§ Problem requirements: Once a line is found to contain "open", copy it out of the listing.

------------------------------------------------

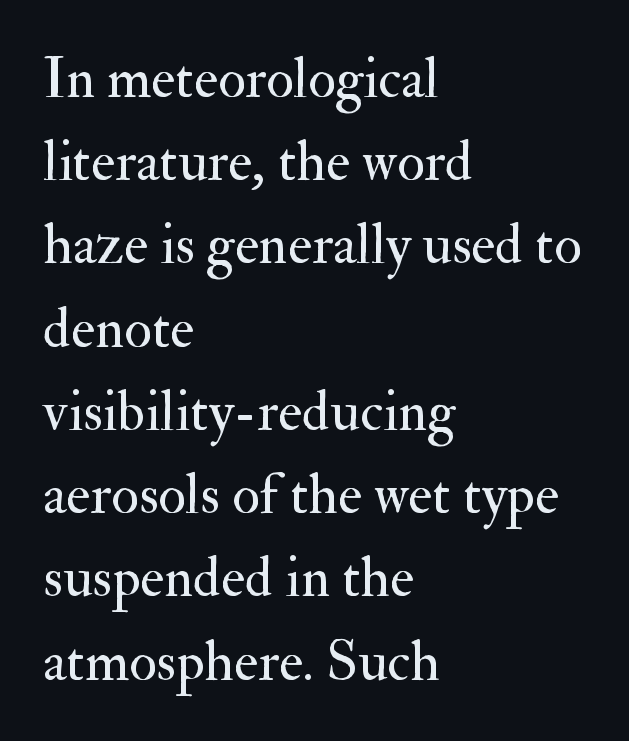
The image shows 57 px regular-weight serif type, upright; set left-aligned, normal line spacing (1.46x), normal letter spacing, not underlined; medium stroke contrast and a small x-height.
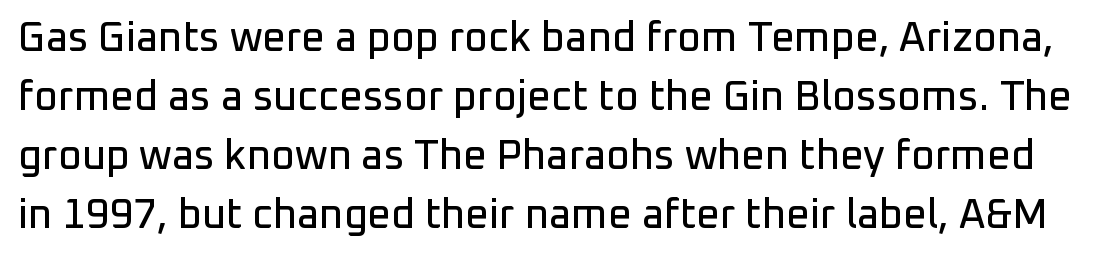
The image shows 41 px sans-serif type, upright; set normal line spacing (1.44x), normal letter spacing, not underlined; low stroke contrast and a medium x-height.
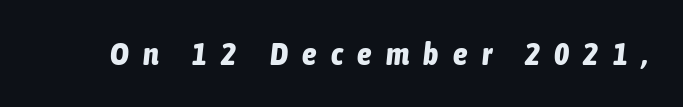
The image shows 32 px bold, condensed type, italic (leaning right); set unusually wide letter spacing (+0.45 em), not underlined; low stroke contrast and a medium x-height.
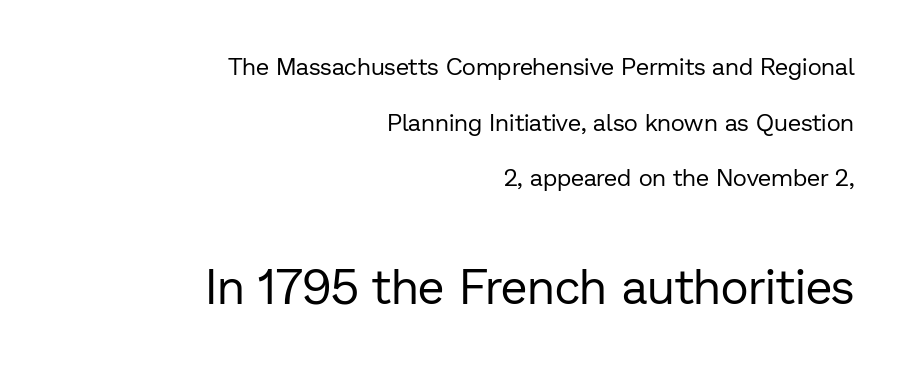
The foot of each line stays bare and open. Two sizes are in play, and the larger belongs to the second block. The letters advance in unequal steps, a hallmark of proportional type. Leftover space on each line is placed entirely before the opening word. The font's upright variant was chosen for this text. Summary of vertical rhythm: relaxed, with wide interline spacing.
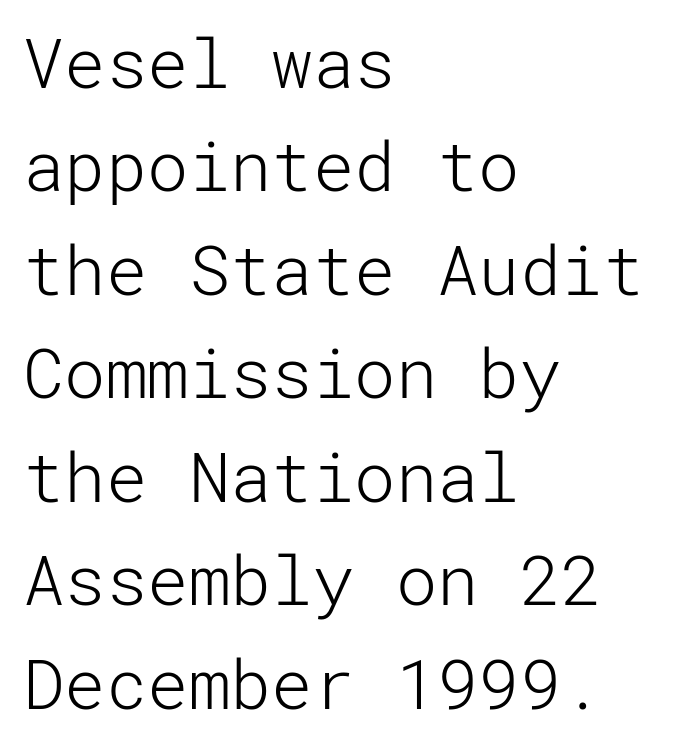
Q: Is the text bold? A: No.
Q: Is the text italic (slanted)? A: No, it is upright.
Q: Is the typeface a serif or a sans-serif typeface? A: Sans-serif.
Q: Is the text underlined? A: No.
Q: How is the paragraph aligned? A: Left-aligned.
Q: Is the spacing between letters normal or unusually wide? A: Normal.
Q: Is the spacing between lines tight, normal or loose? A: Normal.
Q: Width (condensed, normal, or wide)? A: Normal.
Q: Stroke contrast? A: Low.
Q: x-height? A: Medium.
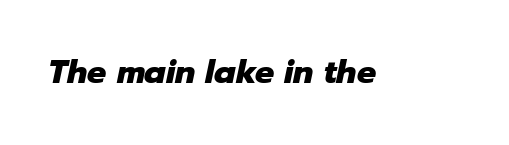
The image shows 32 px heavy type, italic (leaning right); set normal letter spacing, not underlined; low stroke contrast and a medium x-height.
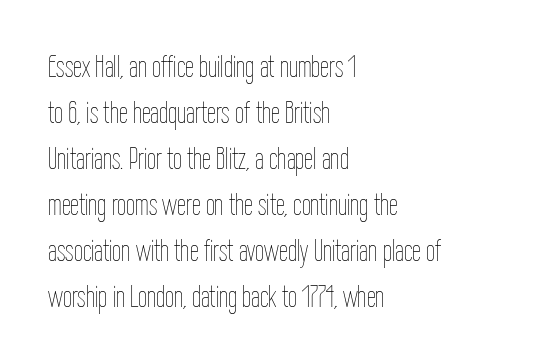
The image shows 32 px thin, condensed type, upright; set left-aligned, normal line spacing (1.44x), normal letter spacing, not underlined; low stroke contrast and a medium x-height.
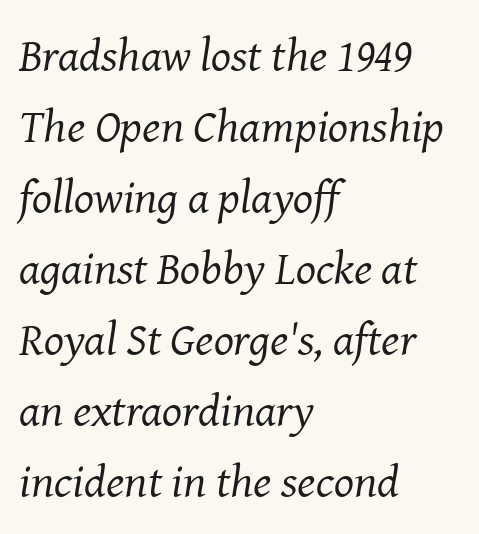
Q: Is the text bold? A: No.
Q: Is the text italic (slanted)? A: Yes, it leans right by about 8 degrees.
Q: Is the typeface a serif or a sans-serif typeface? A: Serif.
Q: Is the text underlined? A: No.
Q: How is the paragraph aligned? A: Left-aligned.
Q: Is the spacing between letters normal or unusually wide? A: Normal.
Q: Is the spacing between lines tight, normal or loose? A: Normal.
Q: Width (condensed, normal, or wide)? A: Normal.
Q: Stroke contrast? A: Medium.
Q: x-height? A: Medium.
Q: Monospaced? A: No.
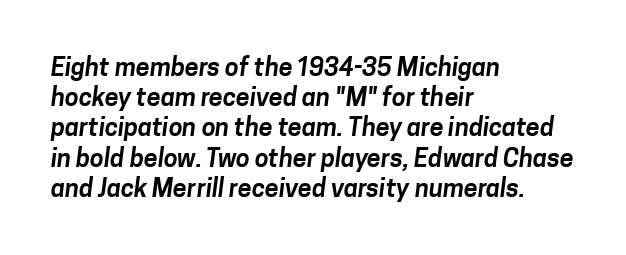
Q: Is the text underlined? A: No.
Q: How is the paragraph aligned? A: Left-aligned.
Q: Is the spacing between letters normal or unusually wide? A: Normal.
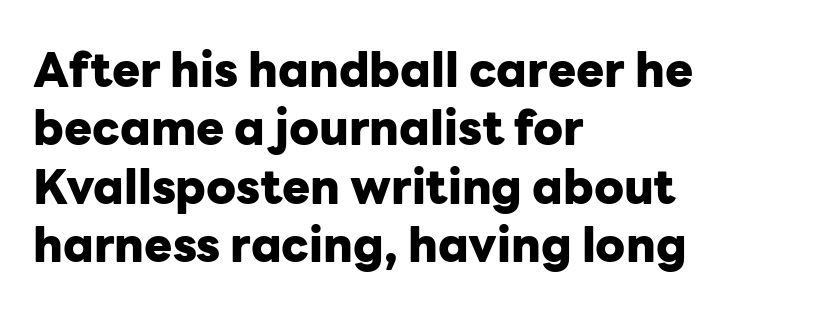
{"serif": "no", "italic": "no", "bold": "yes", "weight": "heavy", "width": "normal", "stroke_contrast": "low", "x_height": "medium", "monospaced": "no", "underline": "no", "align": "left", "line_spacing_ratio": 1.24, "letter_spacing": "normal", "letter_spacing_em": 0.0, "glyph_px": 47}
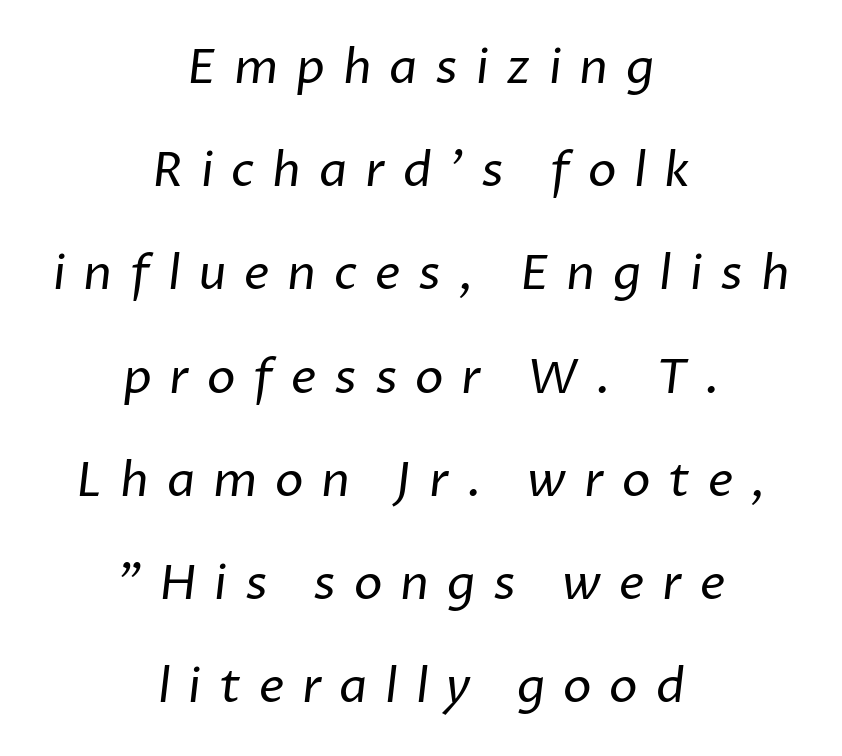
Q: Is the text bold? A: No.
Q: Is the typeface a serif or a sans-serif typeface? A: Sans-serif.
Q: Is the text underlined? A: No.
Q: How is the paragraph aligned? A: Centered.
Q: Is the spacing between letters normal or unusually wide? A: Unusually wide.
Q: Is the spacing between lines tight, normal or loose? A: Loose.
Q: Width (condensed, normal, or wide)? A: Normal.
Q: Stroke contrast? A: Low.
Q: x-height? A: Medium.
Q: Monospaced? A: No.
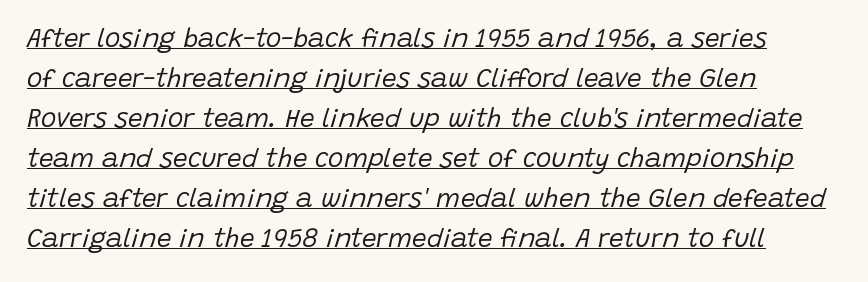
{"italic": "yes", "lean": "right", "slant_degrees": 15, "bold": "no", "underline": "yes", "align": "left", "line_spacing": "normal", "line_spacing_ratio": 1.54, "letter_spacing": "normal", "letter_spacing_em": 0.0, "glyph_px": 26}
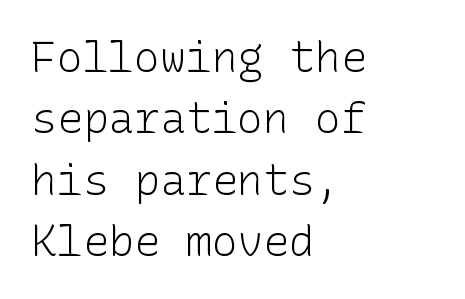
Q: Is the text bold? A: No.
Q: Is the text italic (slanted)? A: No, it is upright.
Q: Is the typeface a serif or a sans-serif typeface? A: Sans-serif.
Q: Is the text underlined? A: No.
Q: How is the paragraph aligned? A: Left-aligned.
Q: Is the spacing between letters normal or unusually wide? A: Normal.
Q: Is the spacing between lines tight, normal or loose? A: Normal.
Q: Width (condensed, normal, or wide)? A: Normal.
Q: Stroke contrast? A: Low.
Q: x-height? A: Medium.
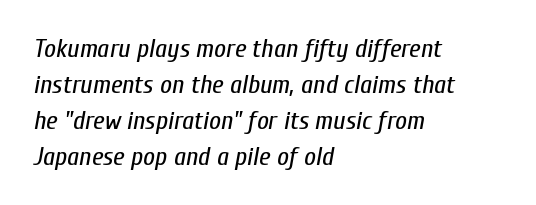
{"italic": "yes", "lean": "right", "slant_degrees": 10, "bold": "no", "underline": "no", "align": "left", "line_spacing": "normal", "line_spacing_ratio": 1.38, "letter_spacing": "normal", "letter_spacing_em": 0.0, "glyph_px": 26}
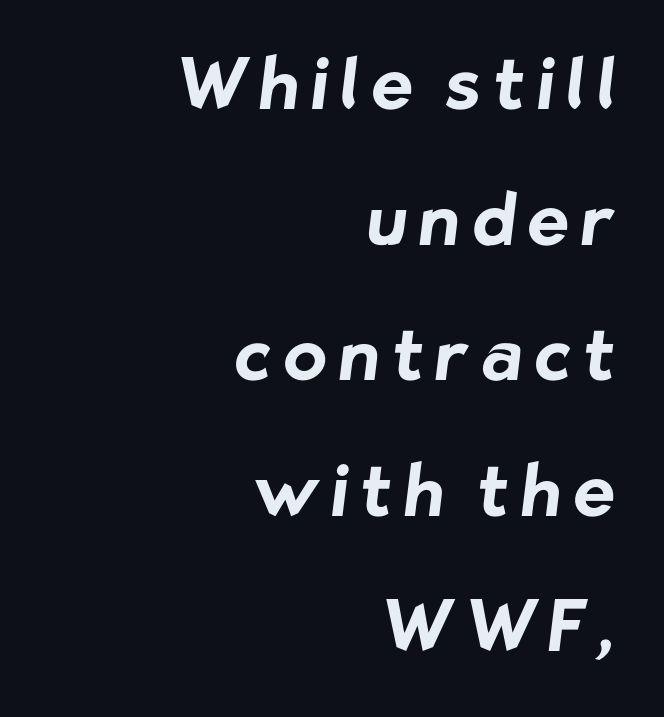
This sample uses a sans-serif face. If you drew a ruler down the right edge, every line would touch it. The area under the type is left untouched. These lines are rendered in a variable-pitch font. Widely set lines give the paragraph a tall, airy silhouette. Is the type bold? Yes — the strokes are clearly thick and heavy.
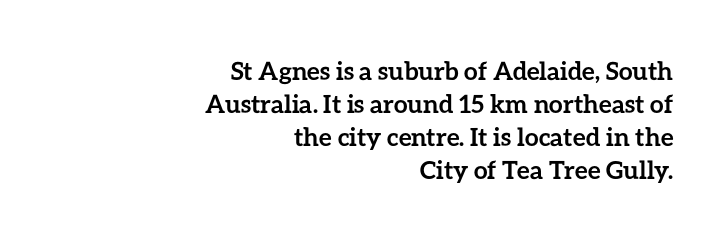
Typographic density is high because the face is bold. The horizontal fit of the characters is conventional and even. Letters rest on an invisible, unmarked baseline. One glance says typical: line gaps are just what's usual. Does the copy run flush right? Yes — the right margin is perfectly even.
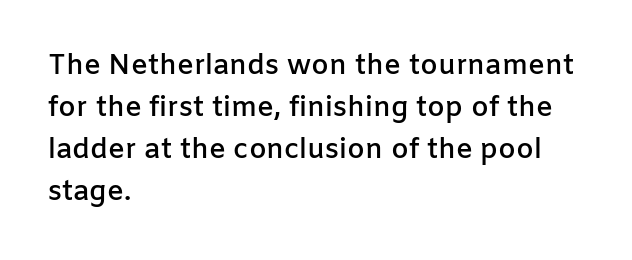
Spacing verdict: proportional, widths tailored to each character. Compared with a centered layout, this one pins lines to the left instead. As a designer I'd log this as weight 600, semibold. Style check: upright. Normally led — the rows are evenly, conventionally spaced. Nothing unusual about the tracking: characters are spaced as the font intends.
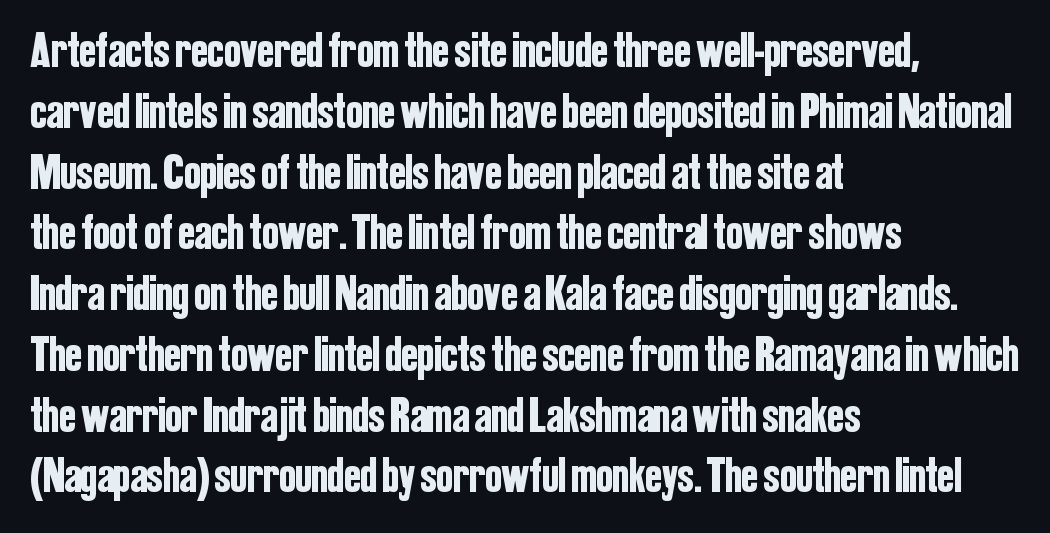
Layout note: lines flush left. The typography opts for an upright posture over an oblique one. Default kerning and tracking; the words read as compact shapes. These lines are composed in type without serifs.
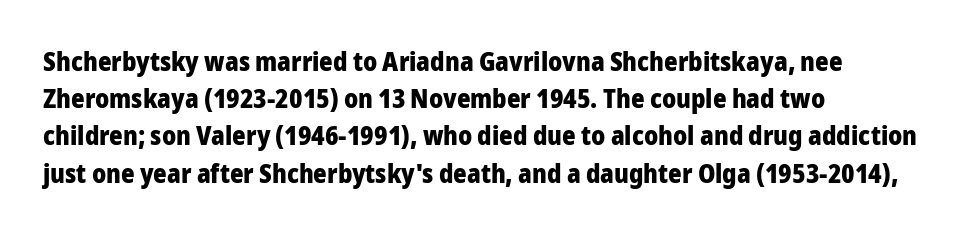
Notice how descenders clear the ascenders below comfortably — that's standard leading. Compared with an ordinary text face, these strokes are far heavier — a full bold. Compared with typical body copy, the letter spacing here is the same. Italic: no, the glyphs are upright roman. The rag falls on the right side of this text block. Descenders hang freely into open space.

------------------------------------------------

§ Task result:
The foot of each line stays bare and open. Two sizes are in play, and the larger belongs to the second block. The letters advance in unequal steps, a hallmark of proportional type. Leftover space on each line is placed entirely before the opening word. The font's upright variant was chosen for this text. Summary of vertical rhythm: relaxed, with wide interline spacing.
Notice how descenders clear the ascenders below comfortably — that's standard leading. Compared with an ordinary text face, these strokes are far heavier — a full bold. Compared with typical body copy, the letter spacing here is the same. Italic: no, the glyphs are upright roman. The rag falls on the right side of this text block. Descenders hang freely into open space.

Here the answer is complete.